2. The royal jelly solutions produced by the invented method are not only suitable for being made into the products that contain the whole essence of natural royal jelly, but also perform high stability in terms of solution stability, stability coefficient, content and stability of an active substance and long-term suspension stability. All of these indicate that the royal jelly solution disclosed herein does not only provide a complete profile of nutrients but also exhibits stable product quality.

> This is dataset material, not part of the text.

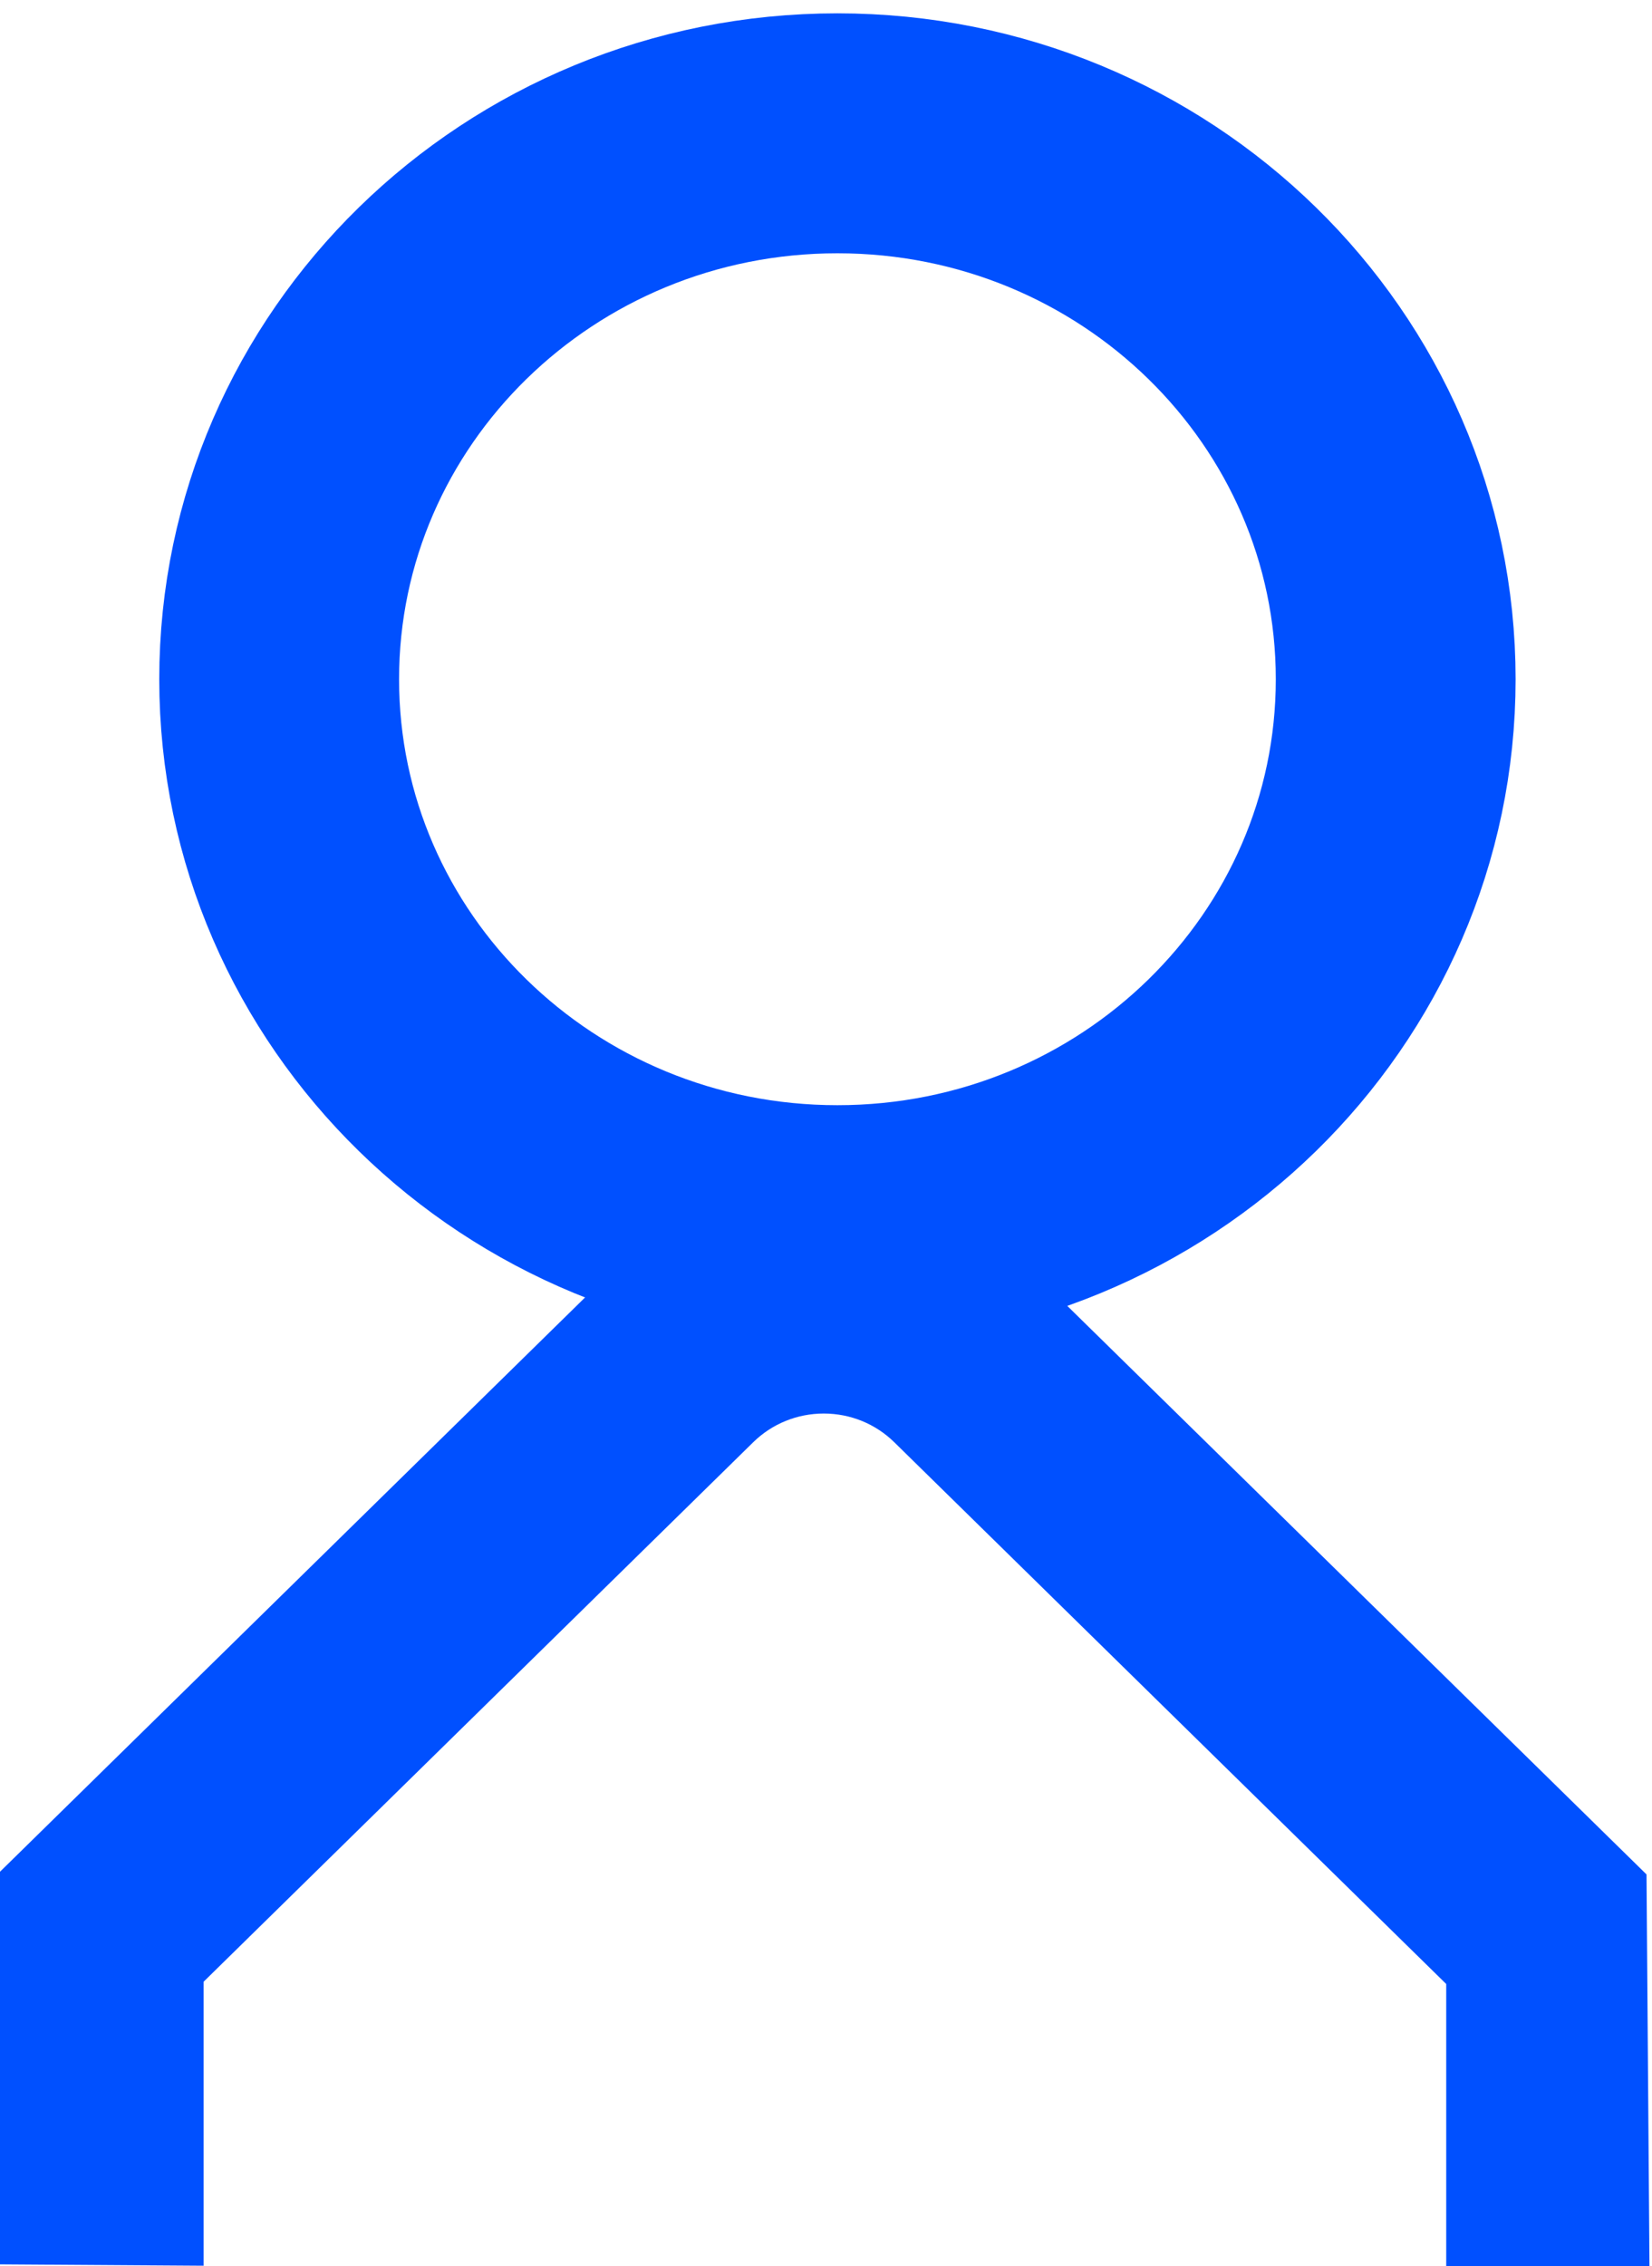 <svg width="62" height="85" viewBox="0 0 62 85" fill="none" xmlns="http://www.w3.org/2000/svg">
<path d="M0 84.928V70.202L22.779 47.857H37.953C38.572 47.857 39.148 48.096 39.59 48.523L61.794 70.303L61.905 85H54.277V74.413L33.564 54.095C32.856 53.4 31.911 53.017 30.916 53.017C29.92 53.017 28.975 53.4 28.267 54.095L7.642 74.327V84.979" fill="#0050FF"/>
<path d="M31.429 45.952C43.001 45.952 52.381 36.785 52.381 25.476C52.381 14.168 43.001 5 31.429 5C19.857 5 10.477 14.168 10.477 25.476C10.477 36.785 19.857 45.952 31.429 45.952Z" stroke="#0050FF" stroke-width="9" stroke-miterlimit="10"/>
</svg>

While the present invention has been described in connection with what are considered the most practical and preferred embodiments, it is understood that this invention is not limited to the disclosed embodiments but is intended to cover various arrangements included within the spirit and scope of the broadest interpretation and equivalent arrangements.

Claims

1. A method for producing a royal jelly solution, comprising subjecting an aqueous royal jelly suspension to an enzymatic reaction catalyzed by an enzyme having cysteine protease activity at 20° C.˜70° C.

2. The method for producing a royal jelly solution of claim 1, wherein the enzyme is selected from the group consisting of papain, bromelain, ficain and combinations thereof.

3. The method for producing a royal jelly solution of claim 2, wherein the enzyme is added in an amount of 0.01%˜90 wt % based on the weight of the aqueous royal jelly suspension.

4. The method for producing a royal jelly solution of claim 1, further comprising, before subjecting the enzymatic reaction, the step of adjusting the aqueous royal jelly suspension to a pH of 2˜8.

5. The method for producing a royal jelly solution of claim 4, further comprising, before adjusting the pH of the aqueous royal jelly suspension, the step of mixing a royal jelly raw material with water to obtain the aqueous royal jelly suspension containing 0.1˜40 wt % of the royal jelly raw material.

6. The method for producing a royal jelly solution of claim 1, further comprising, after subjecting the enzymatic reaction, the step of quenching the enzymatic reaction at 70° C.˜110° C. or under a pH of less than 2 or greater than 8.

7. A royal jelly solution obtained by the method of claim 1.

8. The royal jelly solution of claim 7, wherein said royal jelly solution is in a milky, stable suspension form and has a peptide mass fingerprinting at 1214 m/z±0.5% and/or 2032 m/z±0.5%.

9. The royal jelly solution of claim 8, further comprising a peptide mass fingerprinting at 1016 m/z±0.5%, 2016 m/z±0.5% 3477 m/z±0.5%, 6030 m/z±0.5%, 6314 m/z±0.5%, 7413 m/z±0.5% or 8640 m/z±0.5%.

10. The royal jelly solution of claim 7, wherein said royal jelly solution has a pH of 3˜5.